Kim Kwon Ph. D. associate dean for Bioinformatics Academic Development Education at the Johns Hopkins Kimmel Cancer Center first proposed the new techniques on behalf of his own research group at the end of 2019. The group responded with a submission of the promising findings and a thesis review paper. Kim and a team of researchers then decided to publish the research in the Proceedings of the National Academy of Sciences.
In the new study the researchers built and evaluated a suite of new alternative genomic tumor detection tests and methods to detect three types of more common cancers-small cell villous ovarian and colon cancer-as well as initial screening tests to identify patients who were at high risk of developing alternate tumors and to find patients who were more likely to be diagnosed with metastatic cancer.
The researchers enrolled 106 healthy people into the study. They previously had conducted genome sequencing experiments on patients with cancers of the ovaries and kidneys which was performed at Johns Hopkins and Kims team demonstrated a new molecular assessment method for the protein expression of a cancer gene called miR8-4-3p in humans. They then evaluated the effectiveness of the diagnostic tests against recurrent cancers and colorectal cancer.

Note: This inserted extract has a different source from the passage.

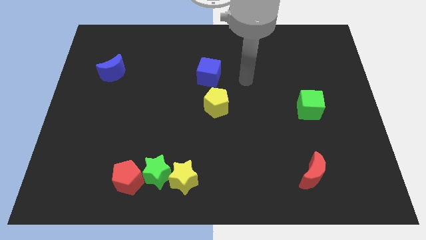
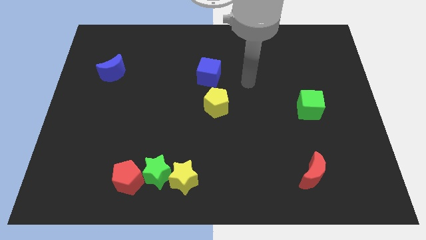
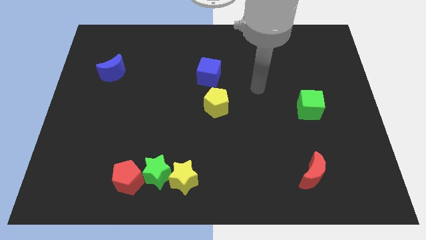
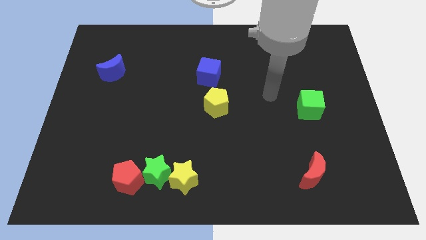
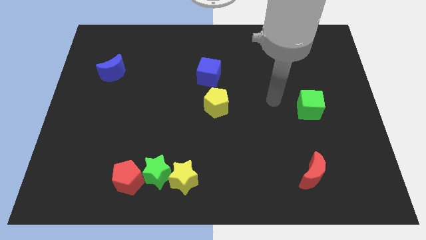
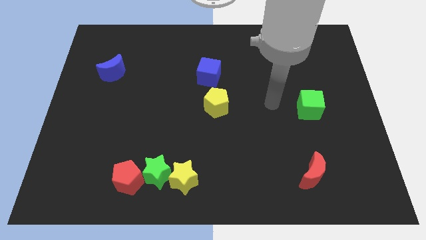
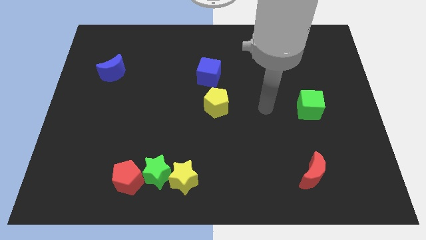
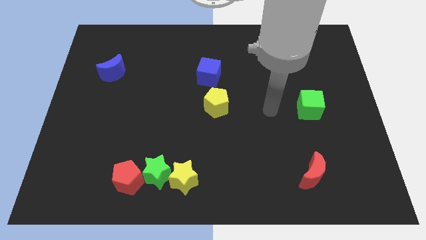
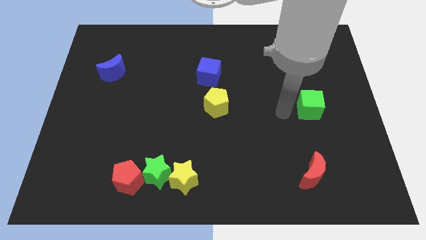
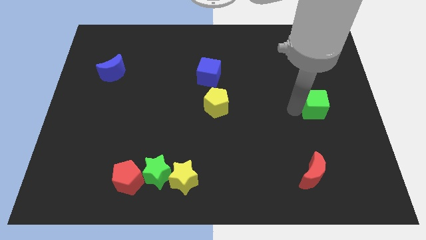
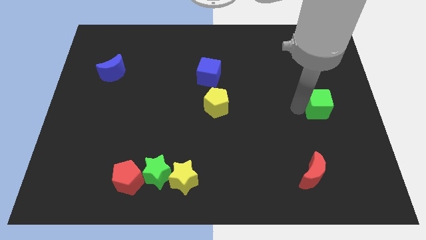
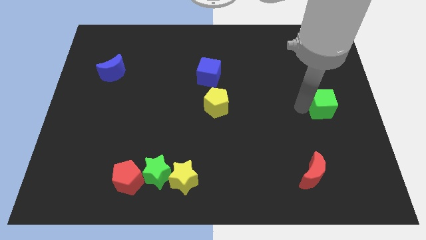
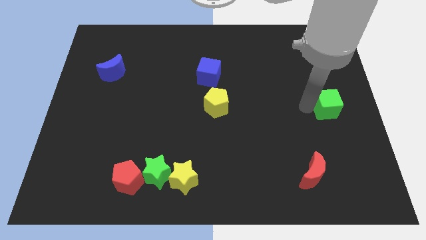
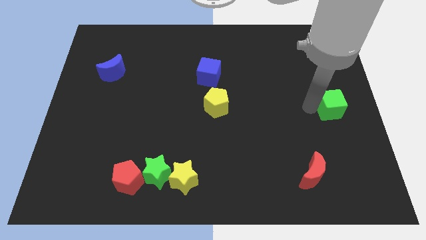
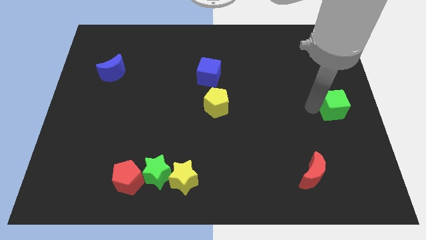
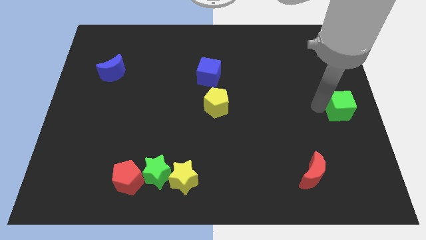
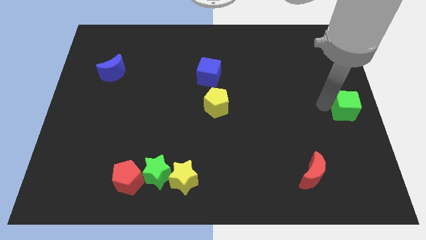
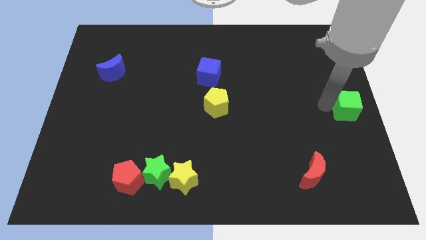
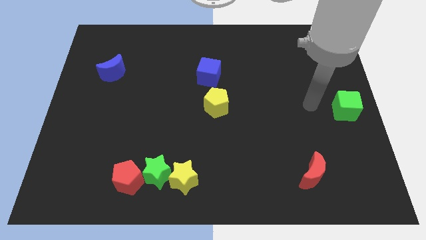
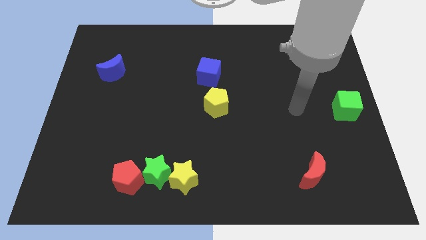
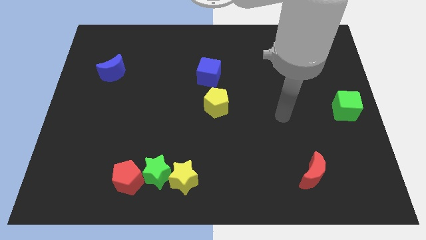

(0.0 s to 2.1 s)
push the green cube to center right

Kim and his lab staff estimated that such tests could be developed to quickly identify cancer in individuals considered high-risk by current screening methods or through experimental screening research. However they concluded that these tests would not be effective in large enough numbers of cancer cases to perform personalized cancer screening. Kim said this validated his view that genome sequencing is one important tool in diagnosing individuals at high risk and indicating that approaches to detection in the genome should be integrated into cancer care.
The research team also assessed the feasibility of using cancer gene testing to help manage other types of cancers such as head and neck cancer or testicular cancer. In this Kim said that gene testing would require many more genomic sequences and should be used in combination with a high number of cancer specific tests.

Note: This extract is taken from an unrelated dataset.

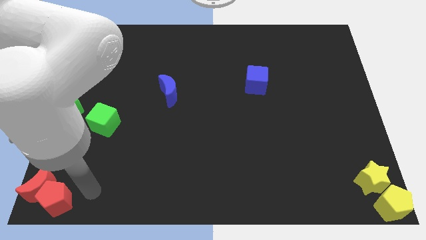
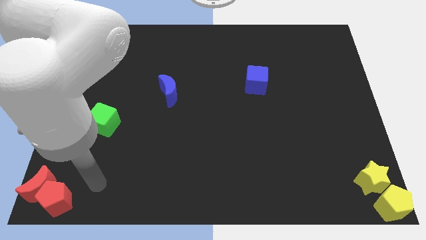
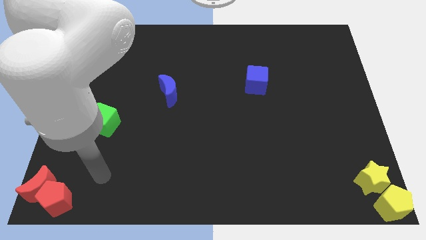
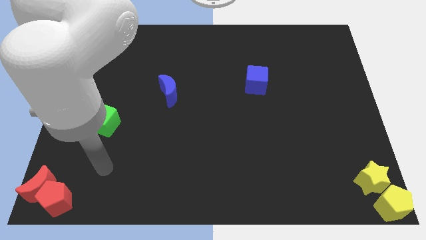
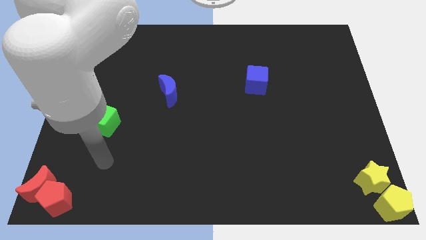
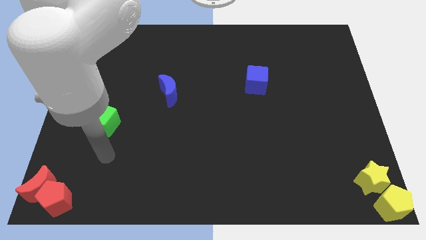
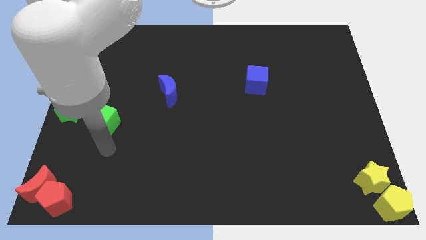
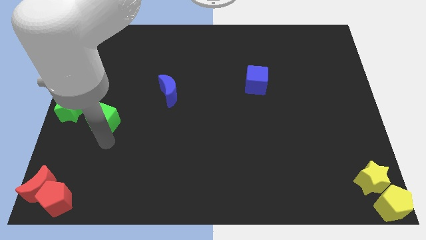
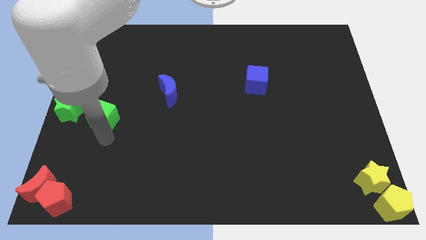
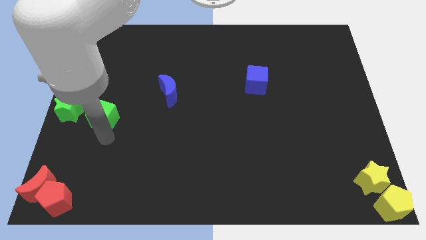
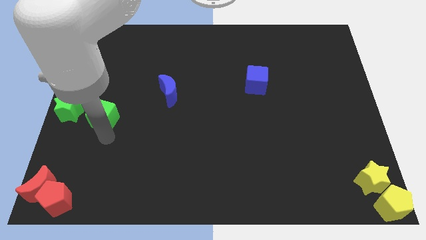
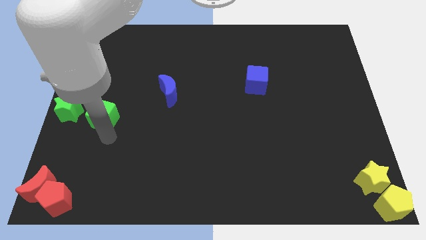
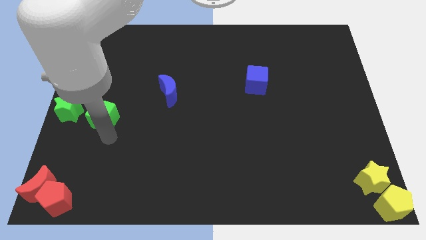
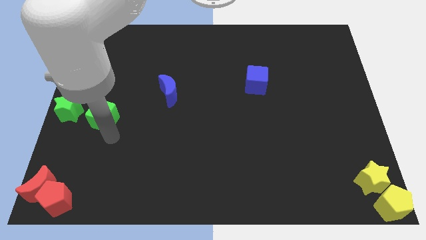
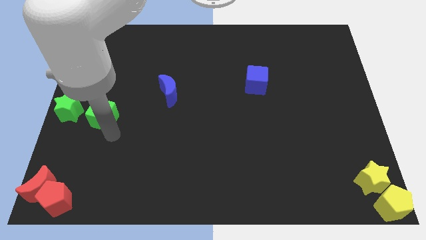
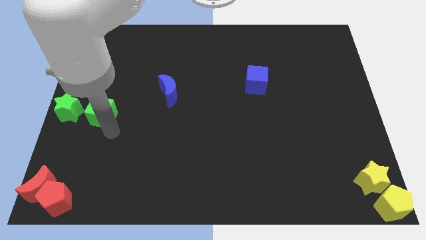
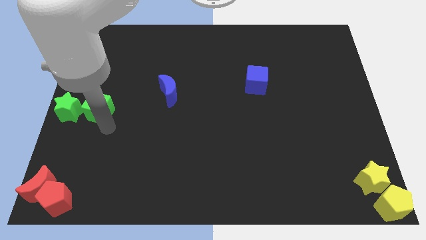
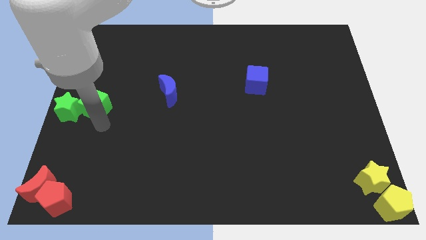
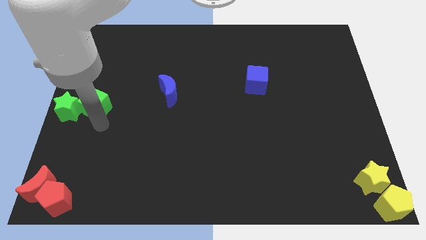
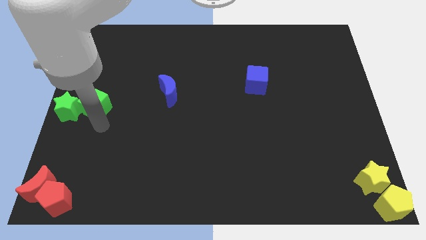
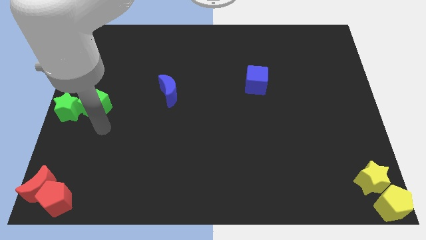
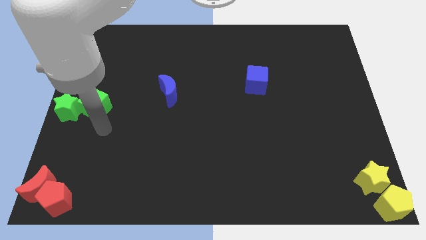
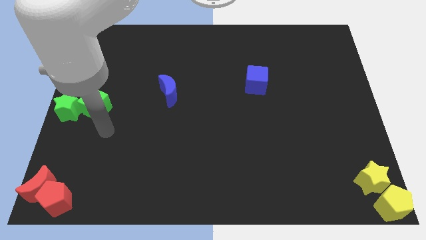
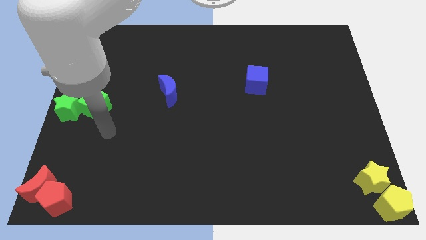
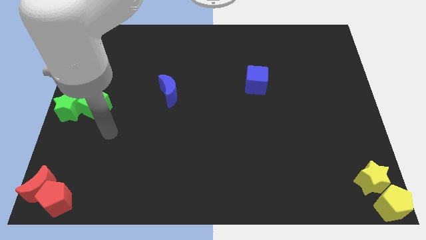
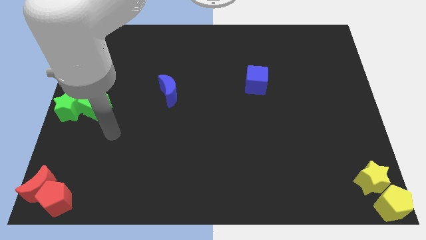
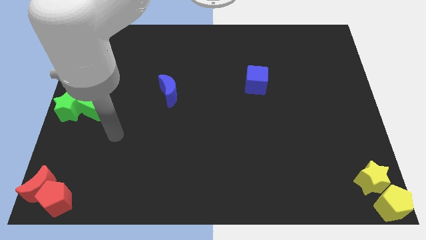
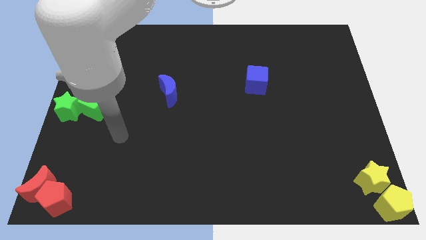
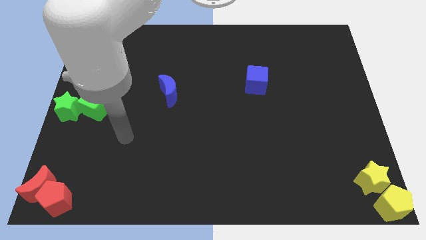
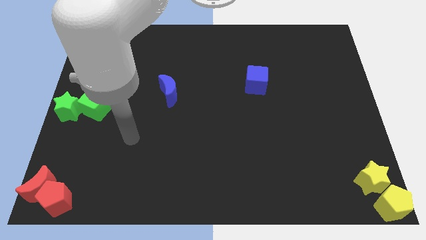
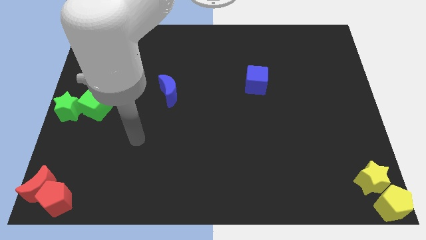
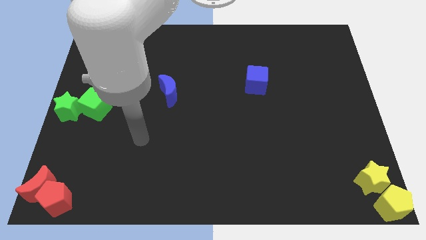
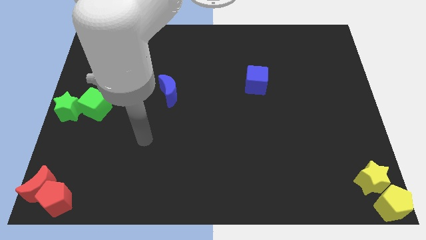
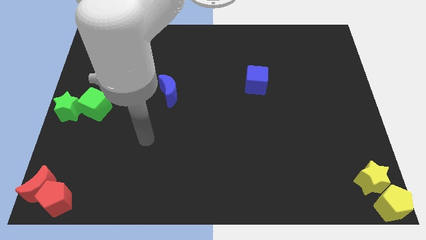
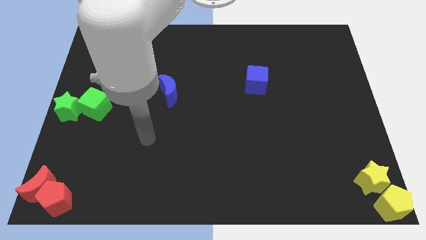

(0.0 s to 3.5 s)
move the green cube to the right side of the green star

The scientists also compared gene test results in 160 patients with 9 that failed and 20 with a high number of approaches that rejected the tests.
Surprisingly the high number of tests that failed indicated that therapeutic approaches were more diffusive and involved more blood blood phase and molecular and targeted production assays at a time when it is difficult to achieve successful interference in patients with different types of cancer. Specifically the combined analysis led to even more aggressive metastatic cancer of the head and lymph nodes 50 and 33 respectively.